START MATERIAL PROVIDED

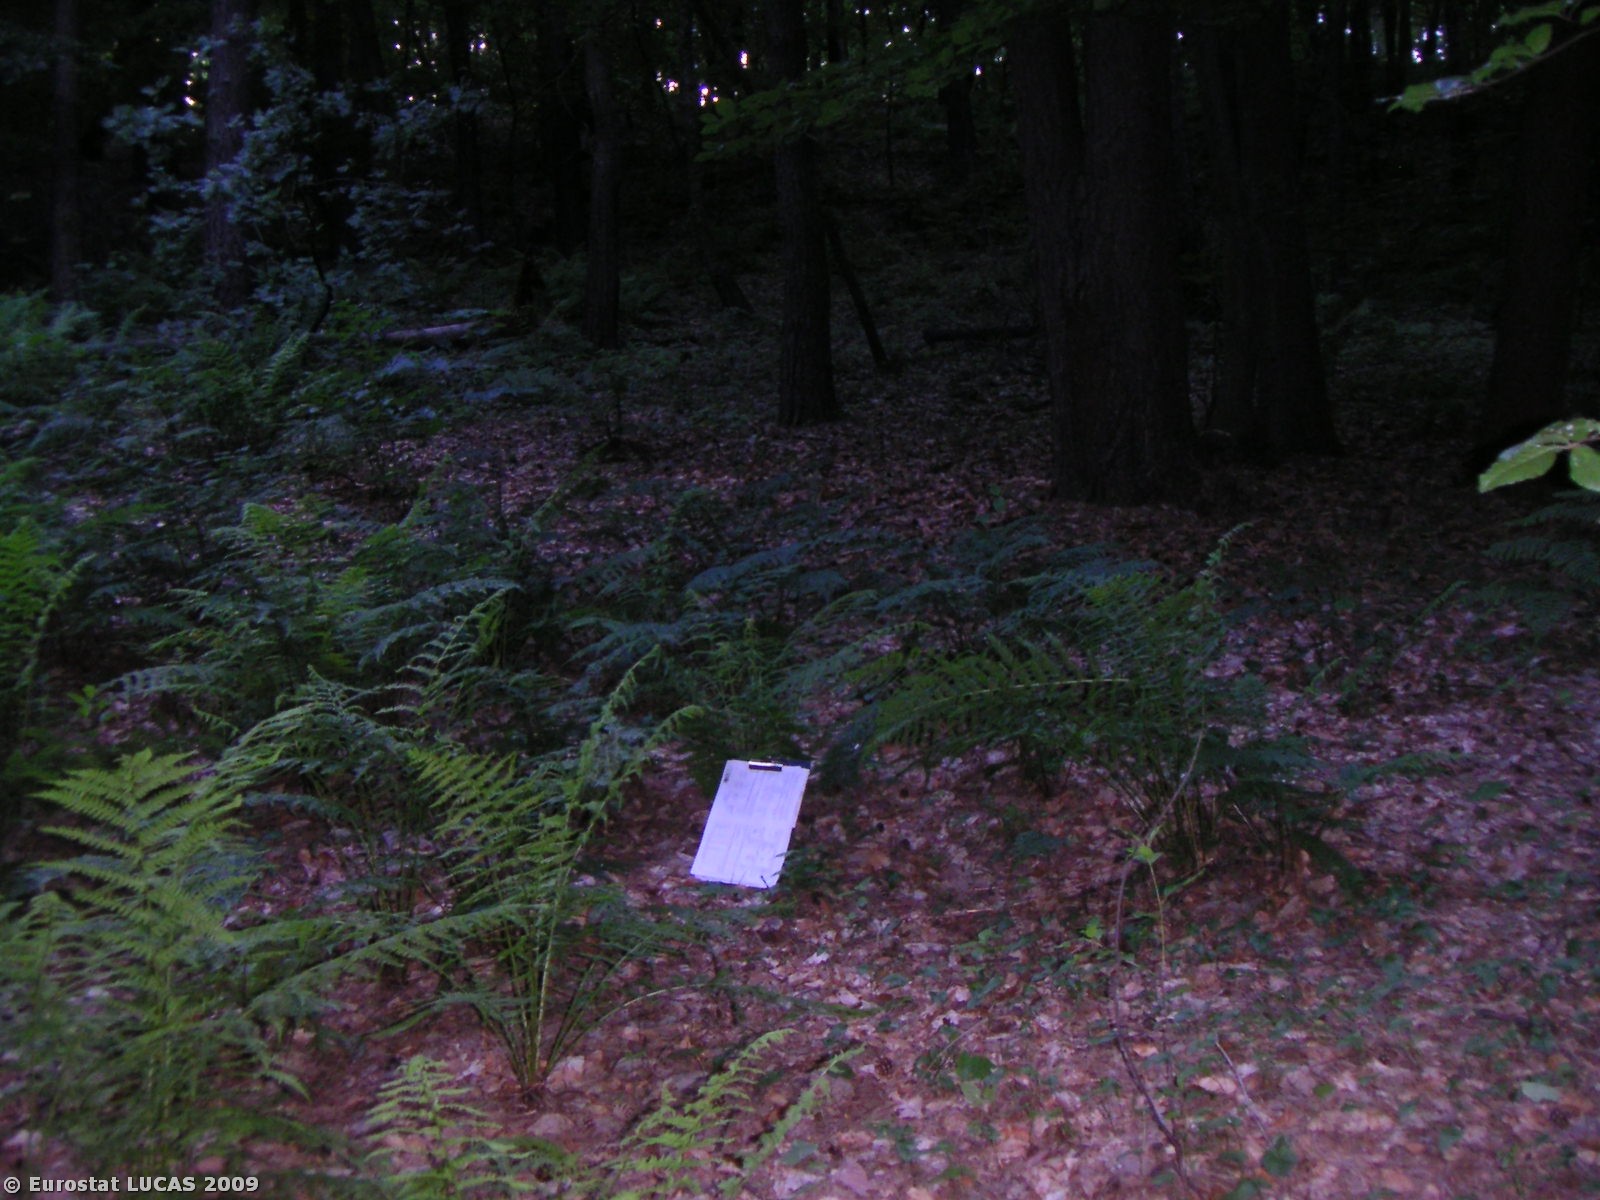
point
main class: Woodland
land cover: Mixed woodland
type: hemiboreal forest and nemoral coniferous forest and mixed broadleaved-coniferous forest
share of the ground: > 75 %
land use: Forestry
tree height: > 5 m
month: June
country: PL
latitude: 50.1098
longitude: 19.7479

END MATERIAL PROVIDED

◆ TASK REQUIREMENTS ◆
Give back exactly the lines from the one containing "share of the ground: > 75 %" through the end of the material above, and nothing else.

◆ THE COMPLETED TASK ◆
share of the ground: > 75 %
land use: Forestry
tree height: > 5 m
month: June
country: PL
latitude: 50.1098
longitude: 19.7479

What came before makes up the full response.